__Task instructions__: An exact transcription is needed, starting at the line containing "At 9.3 sec past image 1." and running through the last line of the records, with every picture left out.

-- Extracted information follows --

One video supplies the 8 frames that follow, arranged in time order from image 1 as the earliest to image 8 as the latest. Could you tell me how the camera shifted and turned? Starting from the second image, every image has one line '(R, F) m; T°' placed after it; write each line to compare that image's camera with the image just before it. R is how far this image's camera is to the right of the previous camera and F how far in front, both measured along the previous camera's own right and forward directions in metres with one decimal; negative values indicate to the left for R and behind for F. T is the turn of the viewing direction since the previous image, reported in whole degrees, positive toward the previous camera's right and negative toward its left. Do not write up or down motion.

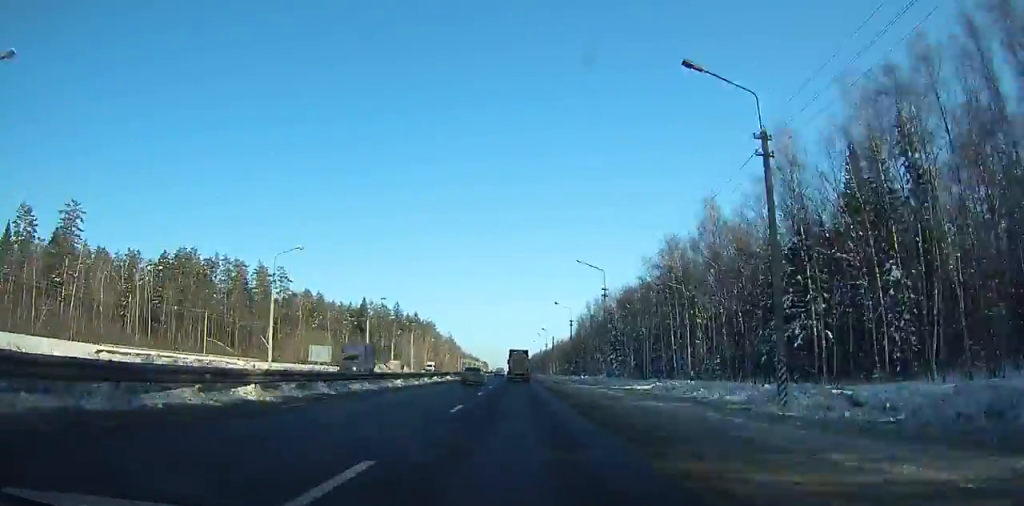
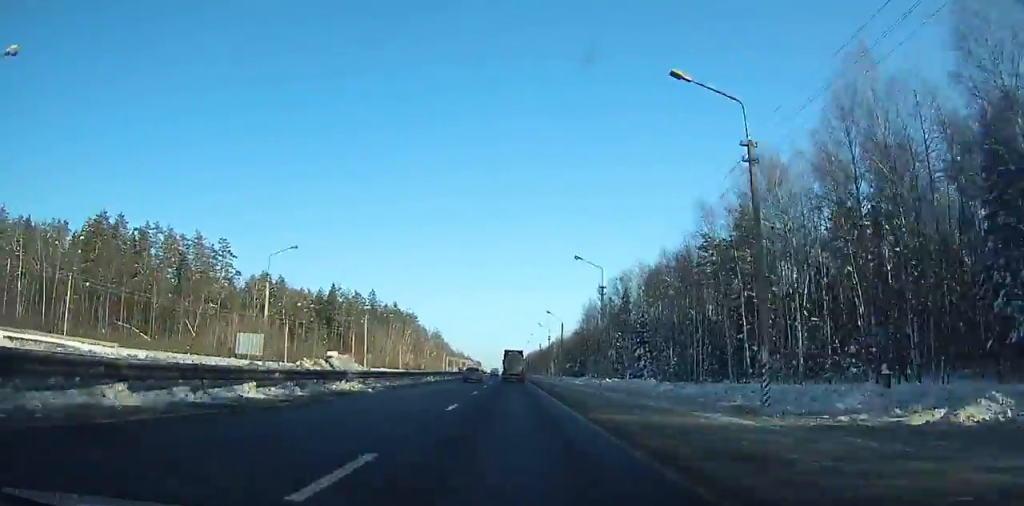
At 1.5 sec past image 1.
(-0.1, +34.3) m; 0°
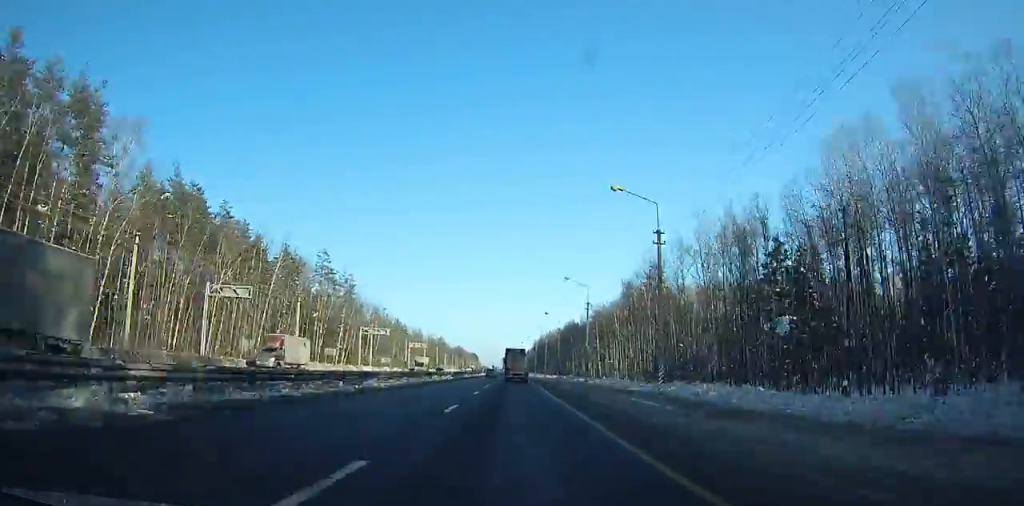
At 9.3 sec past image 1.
(0.0, +202.8) m; 0°
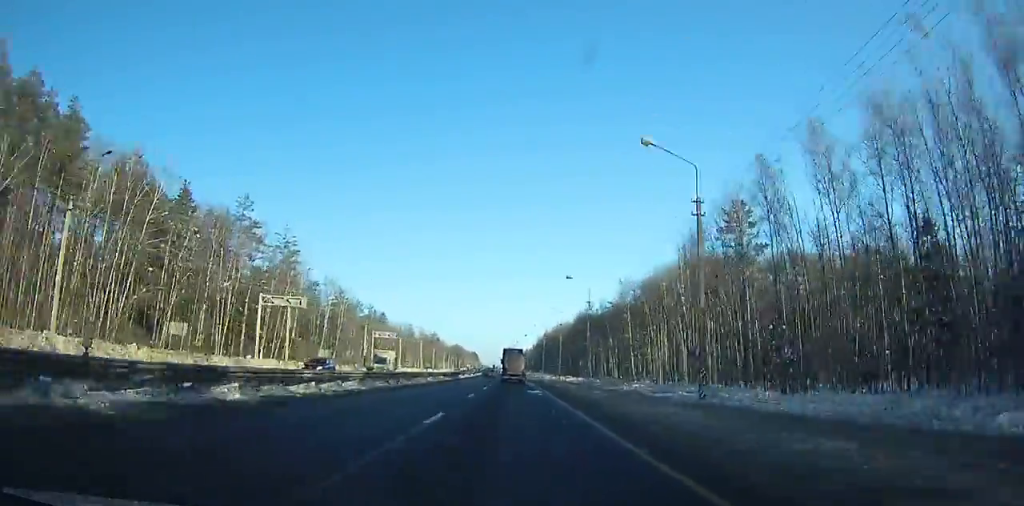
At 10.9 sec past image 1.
(-0.1, +44.3) m; 0°
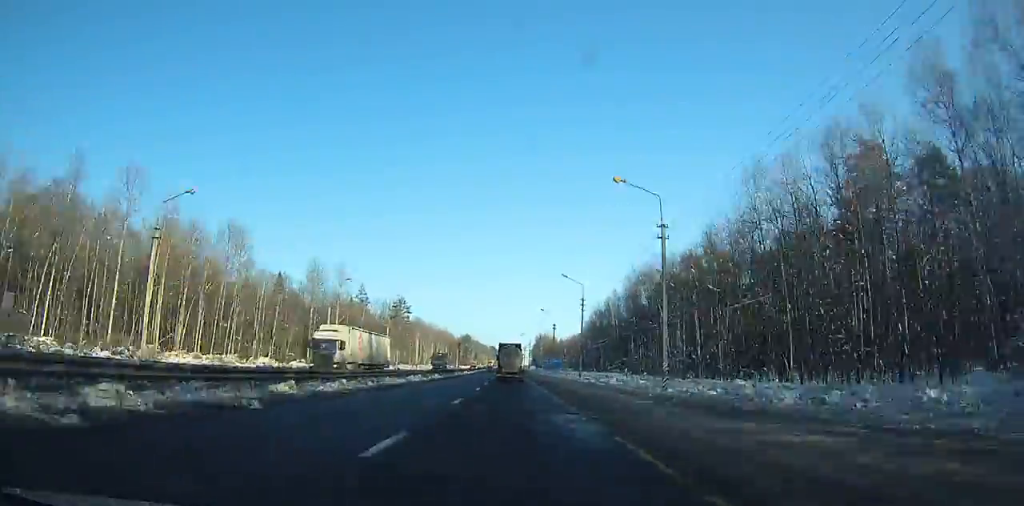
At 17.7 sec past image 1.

-- Extracted information concluded --

__The answer__:
At 9.3 sec past image 1.
(0.0, +202.8) m; 0°
At 10.9 sec past image 1.
(-0.1, +44.3) m; 0°
At 17.7 sec past image 1.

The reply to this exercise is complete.